There’s a new restaurant in Ship Street. Locals may remember it as The Smugglers sports bar on the ground floor and The Loft music venue upstairs, but The Walrus is a very different and much more upmarket affair.
Run by the same team responsible for the Lion and Lobster in Sillwood Street, it’s had a total make-over of both décor and menu and is now run as a coherent whole with a spacious bar on the ground floor, a regency-style gastro-pub upstairs (if you have a large party do try to get the table in the bow window under the chandelier – you’ll feel like you’re at one of the Prince Regent’s parties!) and an intimate music venue in the basement.
Gone is the dusky pink of before, replaced with a muted shade of greeny-grey with old fashioned carriage lamps and a delightful painted sign featuring Gregory, the sartorially elegant Walrus himself.
Inside it’s furnished in similar muted tones with comfortable banquette seats, individual booths and the strangest, most eclectic mix of wall hangings. If you ever find yourself bored with the company you’re with, just spend the time reading the odd signs, cartoons and adverts that cover every available space. Animal lovers may be a little disconcerted by the hunting memorabilia and skulls dotted around, but the overall effect is fascinating.
And the food? Well that’s pretty darn good.
Freshly prepared on the premises and simply but beautifully presented, the dishes are a cut above pub grub while not being overly pretentious. A first glance at the menu left me concerned that vegans, vegetarians and those with allergies weren’t very well catered for but as soon as I explained my situation the options stacked up. Of course sometimes it’s nice to be able to eat out without feeling you are making a fuss and having to have special treatment, but The Walrus team swiftly and efficiently provided several bespoke dishes.

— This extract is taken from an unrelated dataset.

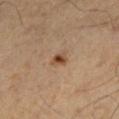Assessment:
Part of a total-body skin-imaging series; this lesion was reviewed on a skin check and was not flagged for biopsy.
Image and clinical context:
A male patient in their mid- to late 50s. The lesion-visualizer software estimated a mean CIELAB color near L≈45 a*≈19 b*≈31, a lesion–skin lightness drop of about 12, and a normalized lesion–skin contrast near 9. Longest diameter approximately 2 mm. A 15 mm close-up extracted from a 3D total-body photography capture. Located on the left lower leg.

Pork Belly deliberately chose items that he thought unusual or were hard to get just right. For starters he opted for quail scotch eggs with haggis and chorizo – two different flavours, both equally delicious. The yolks were just as he likes them, slightly soft.
I went for the pulled duck on toast which, until my last mouthful when I discovered a whole peppercorn, was a little bland but the accompanying radish, kohlrabi and bean salad was delectable.
For my main course, a little unadventurous I know, I ordered a burger, without the buttery brioche bun which is its usual accompaniment. It was lean, meaty and cooked to perfection. The chips were skin-on (which I love) and well seasoned.
Pork Belly went gluten-free to try the beer-battered haddock and chips. Cooking with gluten-free flour can be a challenge and we don’t think they’ve got the recipe quite right yet. The batter wasn’t as light as he expected and was a little hard. The fish itself was excellent and the burnt lemon a nice touch.
To finish I was delighted to learn that their sorbets are all milk free (not always the case) so I had a single scoop of raspberry while Pork Belly indulged in an almond financier. Get this wrong and you have a dry, crumbly disappointment. Glad to say The Walrus chef got this exactly right – moist, not too sweet and served with poached peach, blueberries and a luscious vanilla frozen yoghurt.
Prices for starters are around £6 – £8, main courses between £10 and £20 (if you’re having steak) and desserts around the £6 mark.
The restaurant area is comfortable, with a lovely bar at one end (where I’d really enjoy sipping an aperitif while waiting for a table) and the table-ware was simple but elegant.
It’s family-friendly (I think they’ll do well at the Sunday roast trade) and the service attentive.
Music at The Walrus
Their plans are fairly fluid but they’re looking to rotate styles on Wednesdays and Thursdays to include jazz, swing, rock n roll, Latin and blues with small combos.
Fridays and Saturdays they’ll host slightly larger bands – four or five piece – playing covers and taking requests.
They’ll also have some acoustic entertainment in the ground floor bar on Sundays.
In a boho city like Brighton, if they get the right musical mix it could prove to be a big draw.
All in all it’s off to a good start and we give it the thumbs up.
Disclaimer: Pork Belly and I were invited to the ‘soft launch’ of The Walrus just before it opened to the public (May 2017). Our food was complimentary but the opinions expressed above are unbiased and honest.